Several findings have indicated that schizophrenia may be connected with the impaired epigenetic regulation of gene transcription. The present study investigated the epigenetic modifications connected with histone H3 methylation at lysine (K)4 and K9 in the medial prefrontal cortex (mPFC) in a neurodevelopmental model of schizophrenia based on prenatal administration of methylazoxymethanol (MAM) at embryonic day 17, which impairs the sensorimotor gating process in adult but not adolescent animals. The effect of MAM was determined at different postnatal ages, pre-puberty (P15, P30 and P45) and post-puberty (P60 and P70), using western blot analyses. MAM treatment altered the levels of H3K9me2 before puberty. H3K9me2 was decreased at P15 and P45 but was increased at P30. In contrast, H3K4me3 was noticeably decreased in adult rats. Immunofluorescence experiments revealed that H3K9me2 protein levels were increased in neuronal cells at P30 and that H3K4me3 levels were decreased in astrocytes at P60 after MAM administration. Decreases in the methyltransferase ASH2L protein levels at P45, P60 and P70 were also observed, while the protein levels of the methyltransferase G9a did not change. In addition, levels of the demethylases LSD1 and JARID1c were analysed after MAM administration. LSD1 protein levels were increased at P15 but decreased at P30. JARID1c protein levels were increased in the MAM-treated animals at P60. Decreased Gad1 mRNA levels were found in adult MAM-treated animals, similar to alternation observed in schizophrenia. The present study indicates that prenatal MAM administration evokes changes in the methylation patterns of histone H3 during postnatal life.
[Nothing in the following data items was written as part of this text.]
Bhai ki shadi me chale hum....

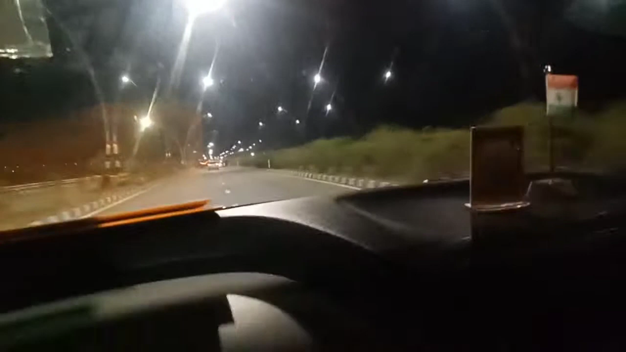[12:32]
लोग पहुंचने वाले हैं अगरा क्रॉस करके डेली जा रहा है और जो यह लाइटे लगी हुई है पोल बहुत ब्यारा लगता है अभी आगे भी जगा निकलादा तो वहां पर में कवर नहीं कर बाया तो मैंने कर लेता हूं करते हैं पोच खें
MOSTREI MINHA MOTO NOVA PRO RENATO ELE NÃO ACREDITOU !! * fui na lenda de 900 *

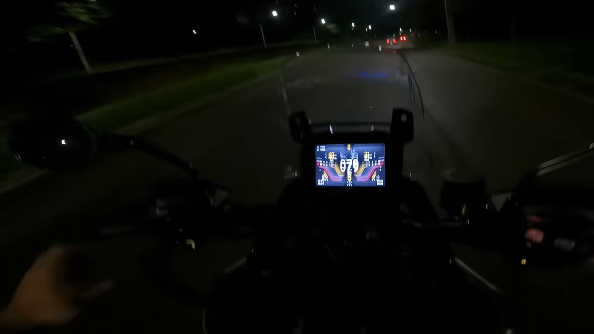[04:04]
Aí atrás é gostosa, né? Pode dar, meu. Mano, essa moto aqui é muito boa, pai.
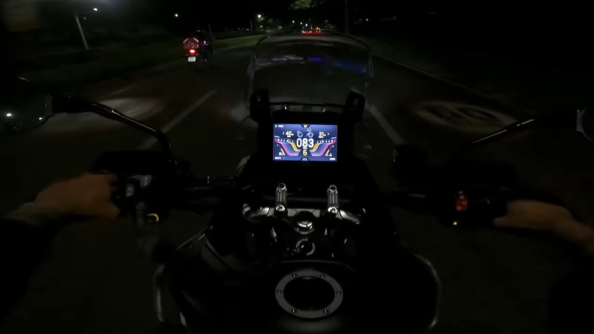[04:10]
Eu só não quero chegar tão perto ali, ó. Pra eles não perceberem.
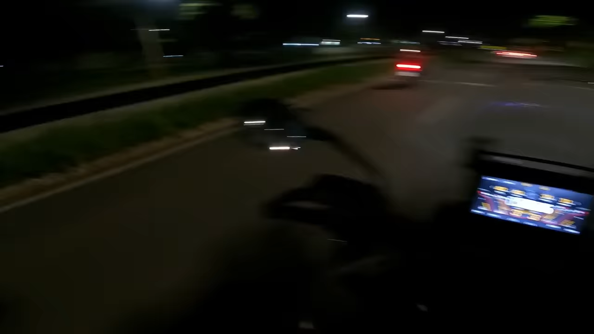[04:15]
Mas, pelo que eu acho, o Renato nem vai se ligar, mano. Porque ele não sabe nem que eu tô indo. E ele não sabe nem que eu comprei a moto. É, só não pode vir aqui, ó. É, não pode vir você. Eu não vou usar atrás, assim, ó. Você é a lenda que é. Você sabe a lenda? Ah, então demorou.
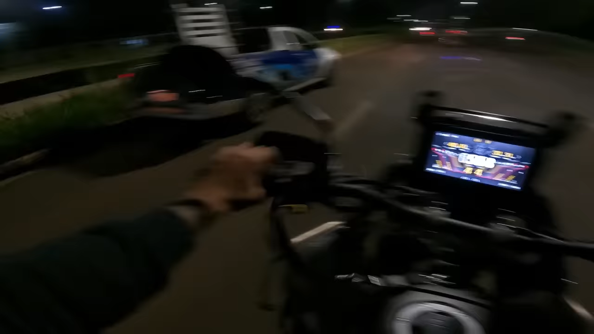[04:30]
A Dani falou que foi uma mulher aqui, ó.
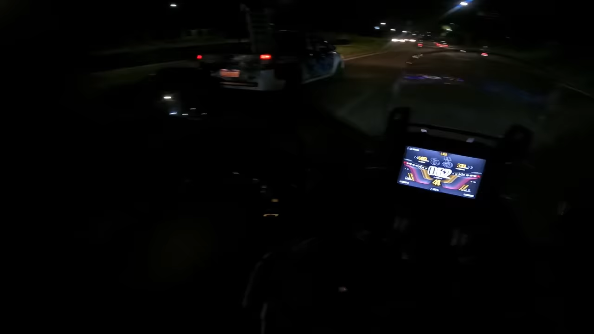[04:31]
Eu falei pra ela, qualquer coisa, eu ia caminhar a moto. Eu ia me desistir, tá? Aham. Se ele mandar a localização, você vai seguir na localização em tempo real. Demorou. O Thiago, vocês não tão ouvindo, rapaziada? Mas o Thiago falou que ele vai seguir na localização em tempo real, se a gente se perder. Então, mano, eu vou deixar o Renato ir bem na frente. Pra ele ter a surpresa de me ver só na lenda, tá ligado? Oi, foi muito engraçado. Porque o Renato falou, meu, de novo você não vai pra lenda. Você vai pra reboada. Eu, Renato, eu não posso ir ali. Mano, você vai sair de novo. Rapaziada, eu vou falar uma coisa pra vocês. Parece que o Né tá indo viajar, que essa lenda é longe, hein, pai.
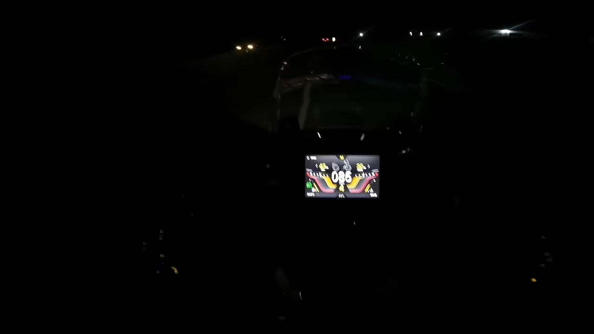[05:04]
Essa lenda é longe, meu parceiro. Você tá doido? Tô longe do Renato, mas... Só uma conta, já que eu tô andando de moto.
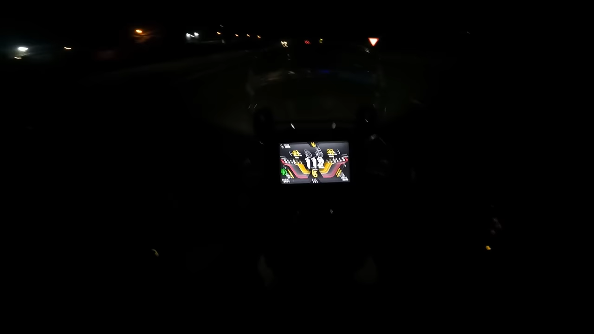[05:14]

MK-801, a NMDA receptor antagonist, increases phosphorylation of histone H3 in the rat medial prefrontal cortex.

BACKGROUND: The present study investigated whether MK-801, when given in doses that cause psychomimetic effects in rats, could alter the phosphorylation of histone 3 (H3) at serine 10 (H3S10p) and the acetylation of H3 at lysine 14 (H3K14ac) in the medial prefrontal cortex (mPFC). These posttranslational modifications of H3 promote chromatin relaxation and increase the probability of gene expression. METHODS: Stereological counting, immunoblot analysis and confocal laser scanning microscopy. RESULTS: Treatment with MK-801 (0.4 mg/kg) evoked a time-dependent increase in the number of H3S10p positive nuclei in both the II/III and V/VI layers of the mPFC, reaching the peak of activation 30 min after injection. MK-801 treatment (0.4 mg/kg) failed to alter H3K14ac. These effects were confirmed by immunoblot analysis on tissue samples from the mPFC. Analysis of cortical cells expressing H3S10p positive nuclei revealed that constitutive and MK-801-induced expression of H3S10p was observed only in neurons and not in glia cells (H3S10p colocalized with NeuN but not with S-100ß). Moreover, it has been found that H3S10p is exclusively present in pyramidal (glutamate-positive) but not in cortical GABA-ergic interneurons (GABA-positive). The effects of MK-801 can be attenuated or blocked by the neuroleptic drug risperidone. In the cortical layer II/III, risperidone was effective at doses of 0.2 and 1 mg/kg, while it was only active at a dose of 1 mg/kg in the V/VI layer. Again, these stereological data were confirmed by immunoblot analysis. CONCLUSIONS: Our results indicate that MK-801 may increase the transcriptional activity of mPFC via the activation of the epigenetic program associated with H3S10p phosphorylation during the course of experimental psychosis.